In 1908, educational commentator W.R. Lawson wrote a lament to the power of teachers in contemporary Britain. He complained that “no one seems to have yet realised what an immense power is gradually passing into the hands of this scholastic army”. Lawson feared that this group, “far exceeding in number our army of soldiers”, was now exerting an untoward influence.

Lawson’s claim may seem surprising, but it was not without foundation. In the decades since the Education Act of 1870, the British government had been increasingly involved in the provision of education. From the standpoint of Edwardian society, considerable progress had been made: “As we look back from the standpoint of today, the state of educational darkness which prevailed in England during the first half of the reign of Queen Victoria seems almost incredible,” said a writer of the time.

This transformation had been achieved through a growing class of professional teachers who, by the beginning of the 20th century, had increasing control over what went on in the classroom.

The growing freedom of teachers was the product of two significant changes. For the second half of the 19th century, the activities of teachers had been shaped by the Code of Education, in which exam results determined a portion of school incomes. The code was widely disliked, blamed for rote learning, and an unwillingness on the part of teachers to spend time on subjects which were not financially rewarded. The abolition of the code in 1897 gave teachers new freedoms over what they could spend time on in the classroom. At around the same time, the restrictive Victorian rules which had governed use of corporal punishment were being relaxed. As a result, by 1900 teachers had more control over what they could teach and how to enforce discipline in the classroom.

Some teachers used these freedoms to expand the horizons of their pupils. Educationalist A.S. Neill, then a schoolmaster in rural Scotland, claimed to have read to his elementary class excerpts from the plays of Ibsen. The local farmers accused him of being a radical, but as a teacher he was reasonably secure in his post.

It was difficult to dismiss teachers, a fact that some exploited. One individual recalled that one of his teachers would normally return to the classroom after lunch showing the effects of drink. In the event this had little effect on the teacher’s long-term career, which was instead cut short by his refusal to cane a number of his pupils at the insistence of his headmaster.

“The teacher who thinks he can teach without a cane is a fool”, warned one head, “but any teacher who lets a visitor see a cane is a bigger fool.”

Corporal punishment was deeply unpopular among parents, yet it was seen by teachers as a necessity. Moreover, the freedoms they had gained in relation to its use by the early years of the 20th century meant that they could punish the children in their classes with relatively little restraint.
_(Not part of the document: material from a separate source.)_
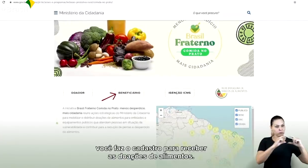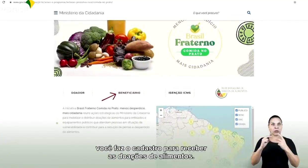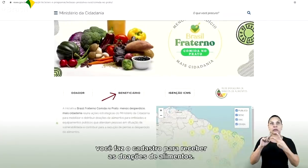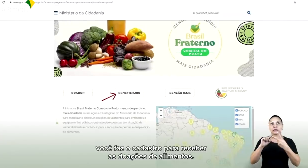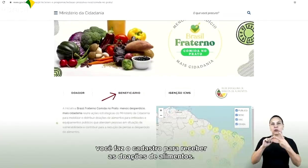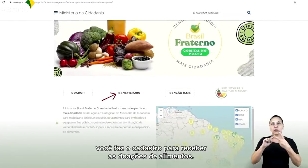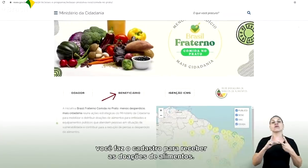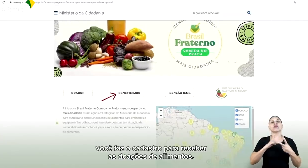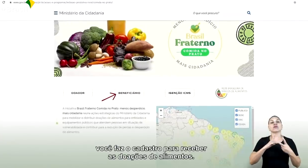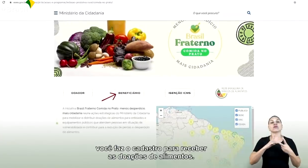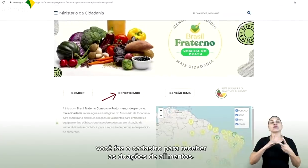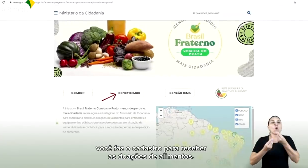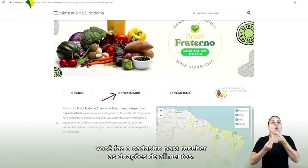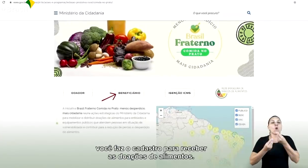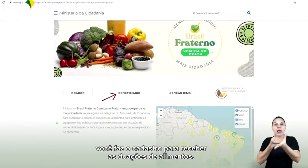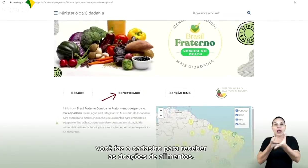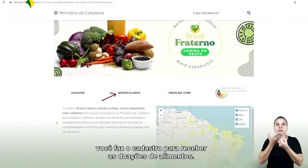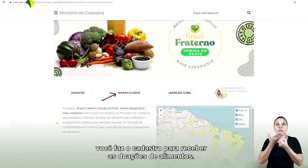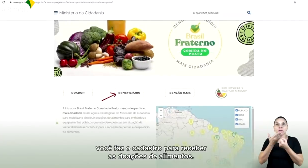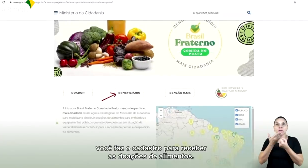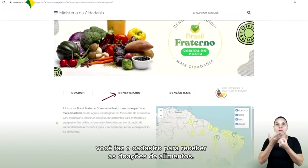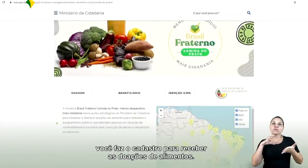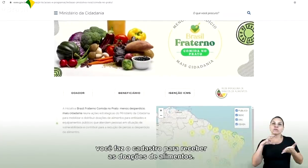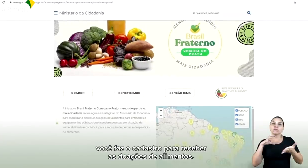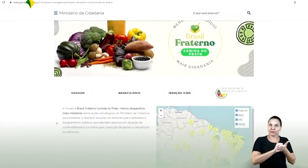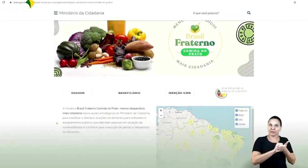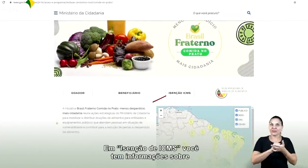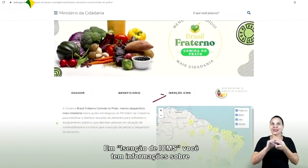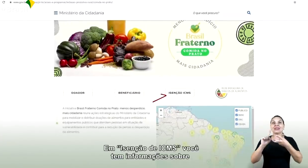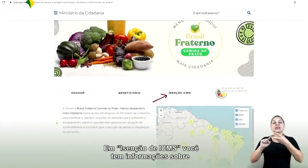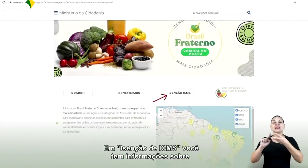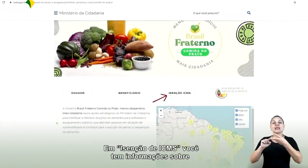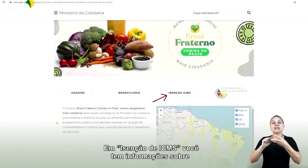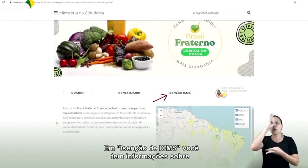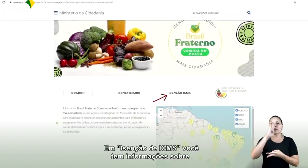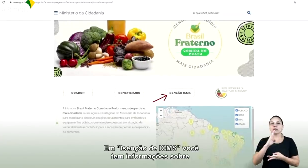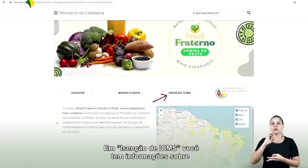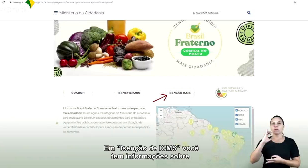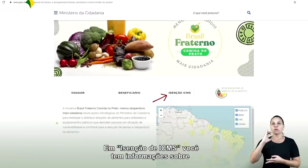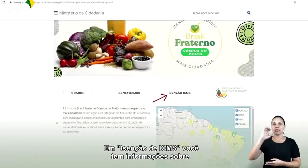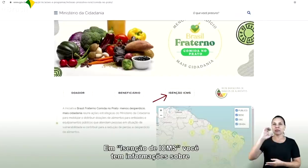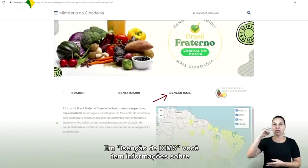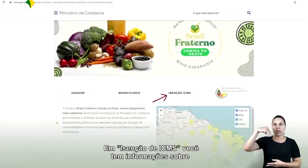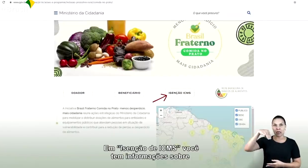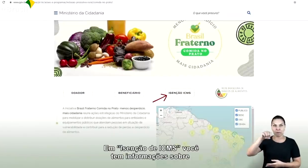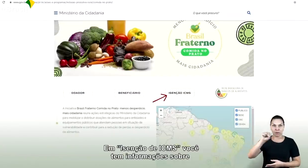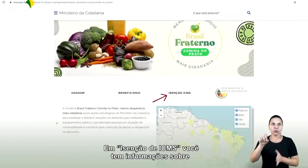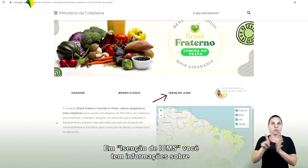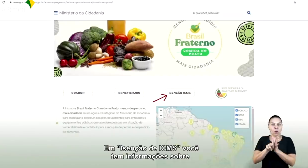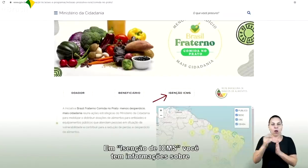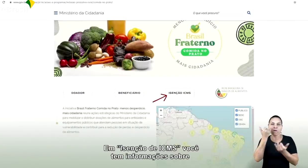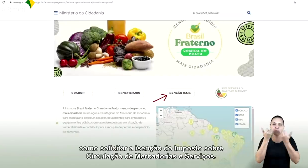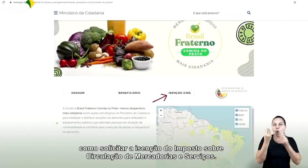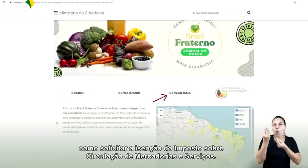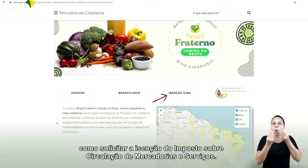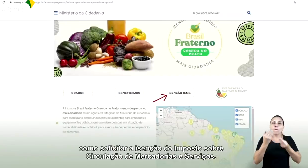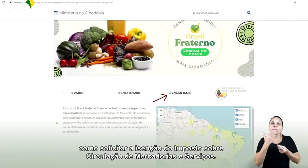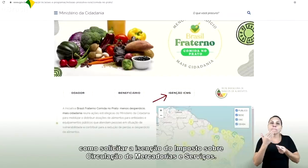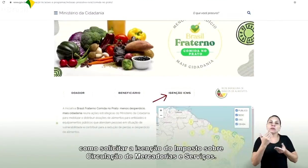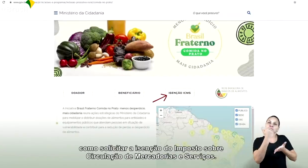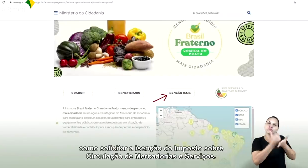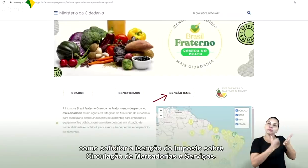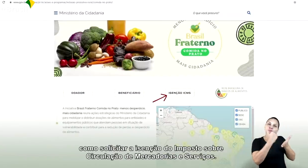o cadastro para receber as doações de alimentos. Em Isenção de ICMS, você tem informações sobre como

The rights of teachers to cane children stemmed largely from a fear that Britain, secure in its wealth and empire, was becoming indulgent and failing to keep children sufficiently disciplined. This was a cause of concern in a period in which rival European empires threatened war, and there were widespread suggestions that some form of firmer discipline was required.

“Are we taking the wrong way with our children”, asked the Daily Telegraph in 1910, “and replacing the harsh repression of former period by a pernicious indulgence, as cruel in result as kind in intention?”

Not all teachers punished with what might be considered an appropriate level of caution, and it was easy for the bad teacher to strike out at his pupils without adequate justification.

Moreover, while such punishments were unpopular, it was hard to prevent them, and harder still to hold teachers to account after the event. The result was a situation described by the historian and TES editor H.C. Dent, who was schooled in the Edwardian era, in which “teachers and taught were sworn enemies”.

Despite the security of their work, teachers had many complaints about the conditions they faced, not least finding employment in the first place. In 1910 the “supply of teachers” scandal erupted, where a number of teachers complained that the government had mismanaged the number of new teachers being trained and recruited. Students, claimed union representatives, were being “lured into the teaching profession” by “bursaries, scholarships, and Press Advertisements”.

Once trained, “NQTs” were finding that there were insufficient posts and they were struggling to find suitable posts in schools. As a result, many teachers faced unemployment and, after spending several years in training colleges, were forced to join other professions. To add insult to injury, many existing schools still employed untrained staff, who had been recruited as teachers decades before, during the Victorian era.

This and other problems, such as the perennial issue of low pay, meant that many teachers resorted to collective action in an attempt to improve their conditions. Professional bodies, such as the NUT, enjoyed considerable support and were widely regarded as a means of pressurising the government to alter working conditions.

With the growing legal protection afforded to unions, it was feared by conservative politicians and commentators that they might start to exert a malign influence. And this was not only in terms of educational policy: the profession, it was feared, was a nursery for radicalism, secularism and socialism, three of the most feared political philosophies of the era. When mobilised, the teaching unions might prove to be a dangerous force.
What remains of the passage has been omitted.